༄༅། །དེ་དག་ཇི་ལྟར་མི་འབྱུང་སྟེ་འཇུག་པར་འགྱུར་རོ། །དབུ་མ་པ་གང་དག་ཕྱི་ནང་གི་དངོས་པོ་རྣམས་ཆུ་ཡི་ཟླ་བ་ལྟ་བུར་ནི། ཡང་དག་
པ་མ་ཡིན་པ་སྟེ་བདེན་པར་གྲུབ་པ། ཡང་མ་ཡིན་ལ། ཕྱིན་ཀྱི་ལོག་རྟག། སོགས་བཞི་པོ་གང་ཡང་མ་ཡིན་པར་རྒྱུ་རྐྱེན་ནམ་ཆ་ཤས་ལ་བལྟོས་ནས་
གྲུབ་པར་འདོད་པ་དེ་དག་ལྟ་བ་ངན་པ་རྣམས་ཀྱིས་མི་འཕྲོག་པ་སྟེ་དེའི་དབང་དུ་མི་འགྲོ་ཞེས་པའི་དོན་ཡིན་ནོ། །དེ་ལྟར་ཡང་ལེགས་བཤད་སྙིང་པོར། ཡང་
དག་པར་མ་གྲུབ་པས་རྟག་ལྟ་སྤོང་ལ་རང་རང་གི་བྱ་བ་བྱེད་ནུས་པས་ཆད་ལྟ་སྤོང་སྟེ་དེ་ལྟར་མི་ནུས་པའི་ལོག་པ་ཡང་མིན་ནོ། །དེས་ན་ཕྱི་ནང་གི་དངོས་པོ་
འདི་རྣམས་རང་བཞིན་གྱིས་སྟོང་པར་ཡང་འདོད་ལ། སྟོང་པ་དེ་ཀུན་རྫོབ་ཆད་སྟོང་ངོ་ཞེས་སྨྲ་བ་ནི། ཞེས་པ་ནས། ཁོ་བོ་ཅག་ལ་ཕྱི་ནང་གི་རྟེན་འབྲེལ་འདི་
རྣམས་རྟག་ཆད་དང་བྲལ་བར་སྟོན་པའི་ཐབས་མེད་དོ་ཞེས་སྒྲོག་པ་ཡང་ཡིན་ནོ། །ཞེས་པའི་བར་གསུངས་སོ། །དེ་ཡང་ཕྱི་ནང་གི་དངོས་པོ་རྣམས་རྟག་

......

Exercise aim - Write out every line, unchanged, from the one containing "དག་པར་མ་གྲུབ་པ" through the closing line of the data.

Task result -
དག་པར་མ་གྲུབ་པས་རྟག་ལྟ་སྤོང་ལ་རང་རང་གི་བྱ་བ་བྱེད་ནུས་པས་ཆད་ལྟ་སྤོང་སྟེ་དེ་ལྟར་མི་ནུས་པའི་ལོག་པ་ཡང་མིན་ནོ། །དེས་ན་ཕྱི་ནང་གི་དངོས་པོ་
འདི་རྣམས་རང་བཞིན་གྱིས་སྟོང་པར་ཡང་འདོད་ལ། སྟོང་པ་དེ་ཀུན་རྫོབ་ཆད་སྟོང་ངོ་ཞེས་སྨྲ་བ་ནི། ཞེས་པ་ནས། ཁོ་བོ་ཅག་ལ་ཕྱི་ནང་གི་རྟེན་འབྲེལ་འདི་
རྣམས་རྟག་ཆད་དང་བྲལ་བར་སྟོན་པའི་ཐབས་མེད་དོ་ཞེས་སྒྲོག་པ་ཡང་ཡིན་ནོ། །ཞེས་པའི་བར་གསུངས་སོ། །དེ་ཡང་ཕྱི་ནང་གི་དངོས་པོ་རྣམས་རྟག་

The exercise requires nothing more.